◆ Records from a dataset:
━━━━
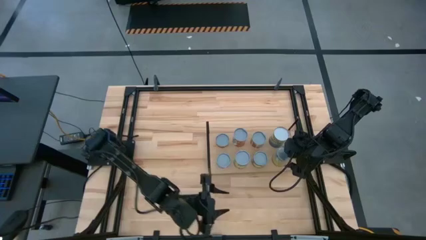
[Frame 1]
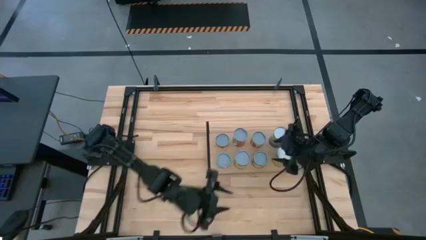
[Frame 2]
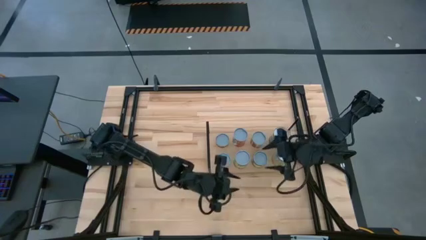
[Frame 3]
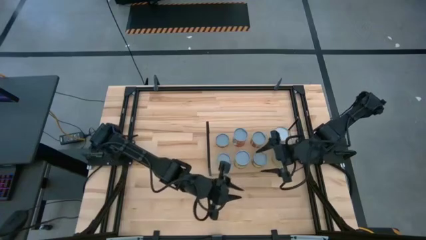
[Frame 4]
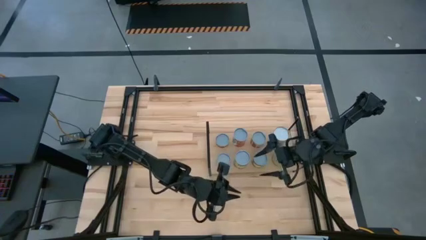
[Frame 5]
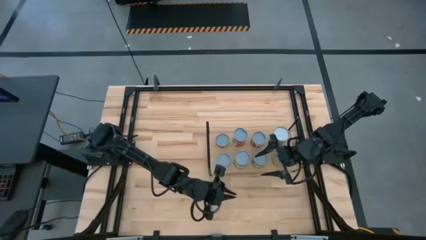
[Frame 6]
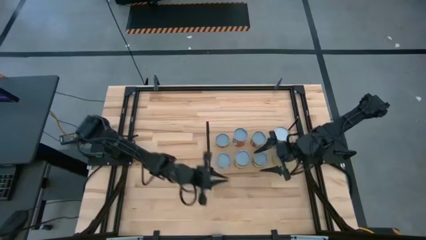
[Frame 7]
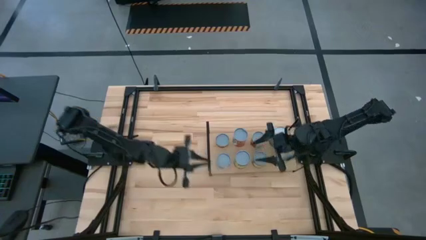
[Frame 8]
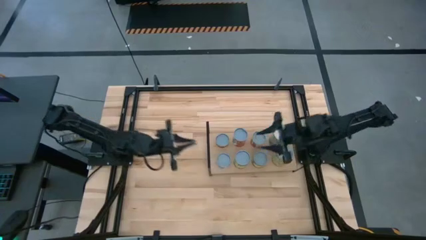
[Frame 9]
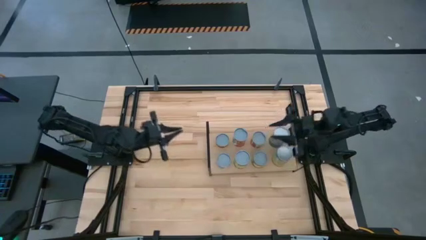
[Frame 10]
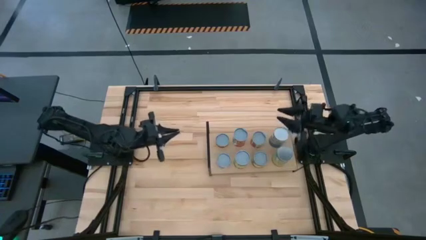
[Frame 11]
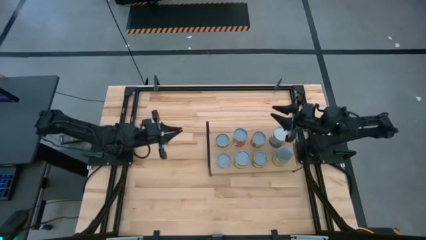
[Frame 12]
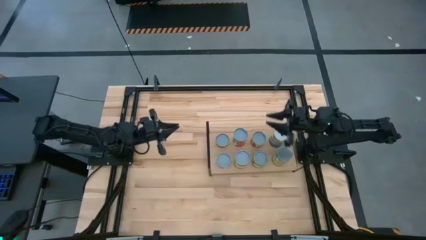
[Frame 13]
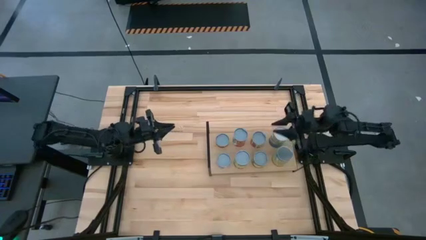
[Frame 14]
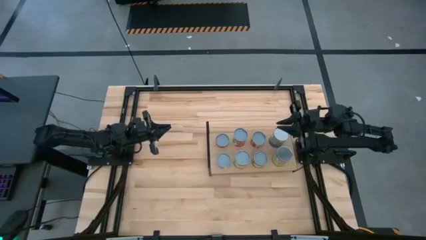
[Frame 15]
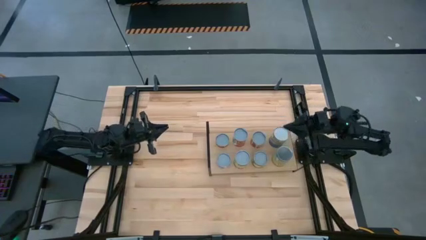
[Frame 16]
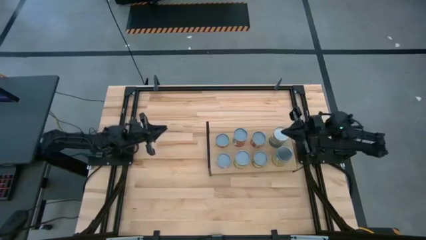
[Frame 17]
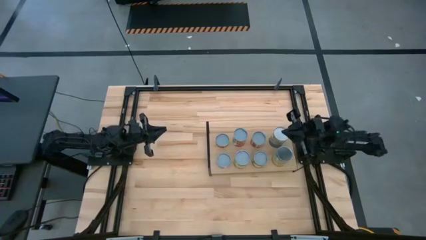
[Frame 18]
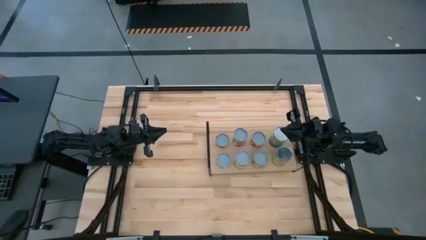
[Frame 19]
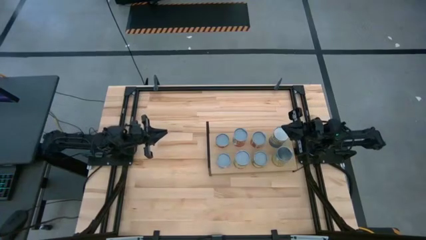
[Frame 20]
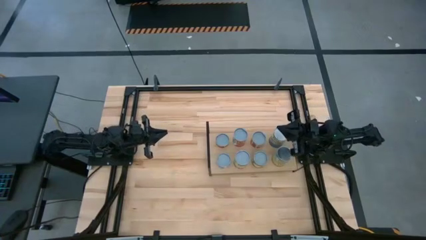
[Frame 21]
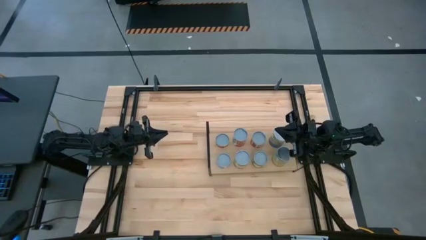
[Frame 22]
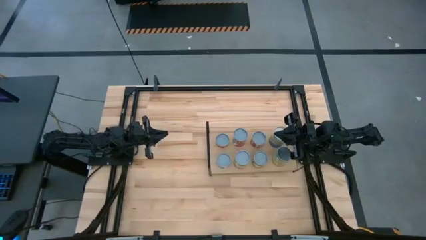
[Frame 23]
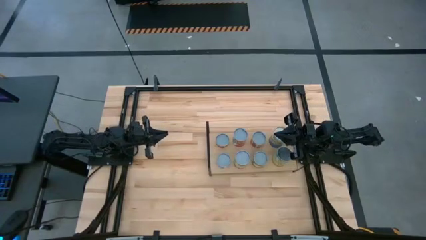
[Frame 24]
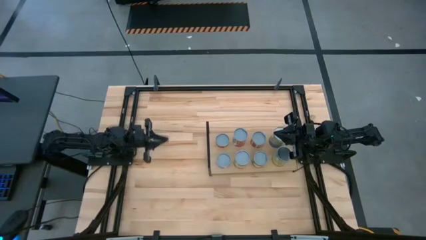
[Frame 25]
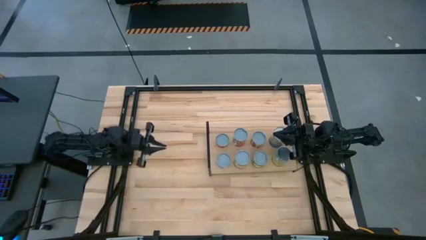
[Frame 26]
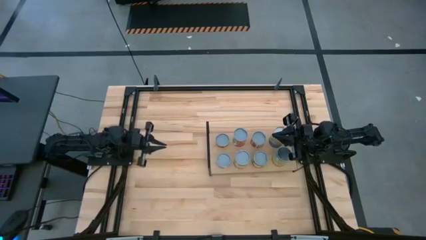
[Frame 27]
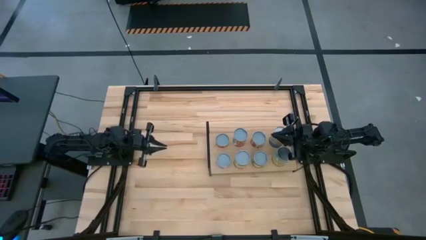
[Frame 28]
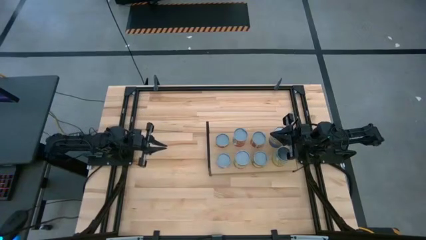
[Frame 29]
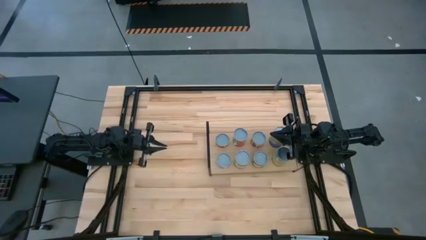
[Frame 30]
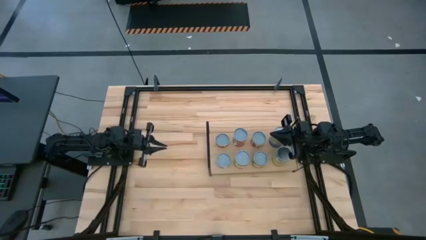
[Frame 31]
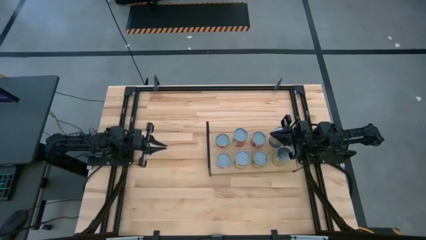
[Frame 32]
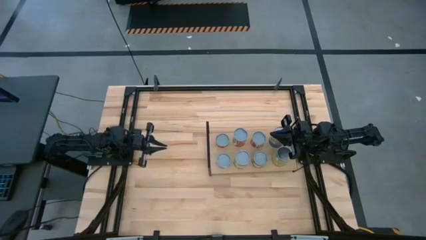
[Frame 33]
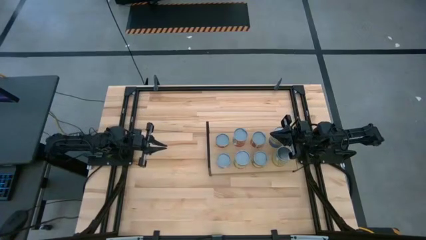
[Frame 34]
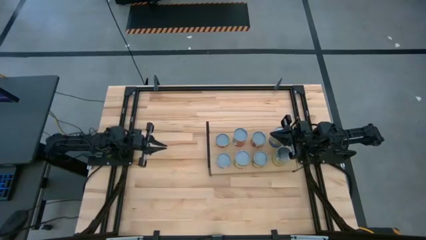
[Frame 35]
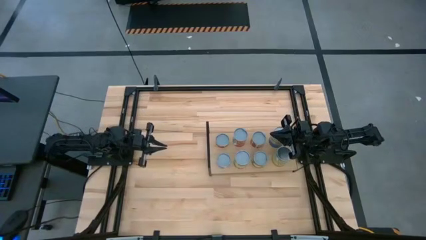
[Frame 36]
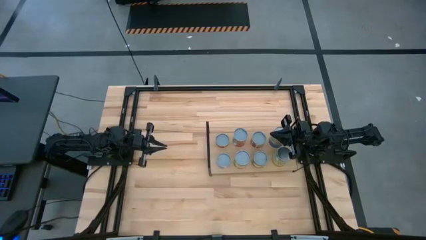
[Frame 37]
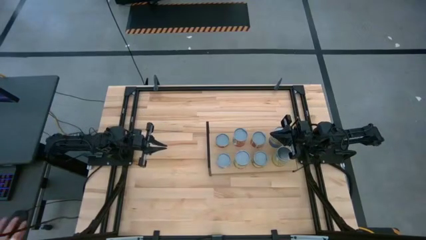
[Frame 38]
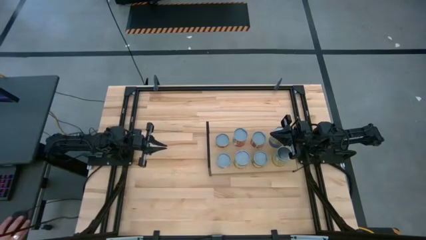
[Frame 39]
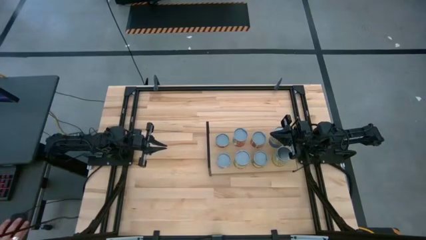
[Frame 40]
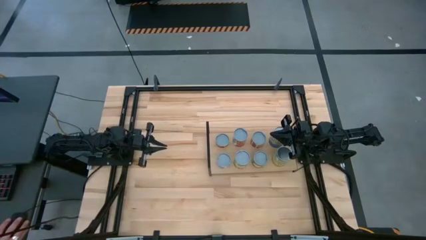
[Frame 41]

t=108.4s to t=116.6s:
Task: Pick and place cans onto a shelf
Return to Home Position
━━━━
◆ Work to complete:
This exercise needs every entry retyped exactly, with the pictures removed.

◆ Solution to this task:
[Frame 1]
[Frame 2]
[Frame 3]
[Frame 4]
[Frame 5]
[Frame 6]
[Frame 7]
[Frame 8]
[Frame 9]
[Frame 10]
[Frame 11]
[Frame 12]
[Frame 13]
[Frame 14]
[Frame 15]
[Frame 16]
[Frame 17]
[Frame 18]
[Frame 19]
[Frame 20]
[Frame 21]
[Frame 22]
[Frame 23]
[Frame 24]
[Frame 25]
[Frame 26]
[Frame 27]
[Frame 28]
[Frame 29]
[Frame 30]
[Frame 31]
[Frame 32]
[Frame 33]
[Frame 34]
[Frame 35]
[Frame 36]
[Frame 37]
[Frame 38]
[Frame 39]
[Frame 40]
[Frame 41]

t=108.4s to t=116.6s:
Task: Pick and place cans onto a shelf
Return to Home Position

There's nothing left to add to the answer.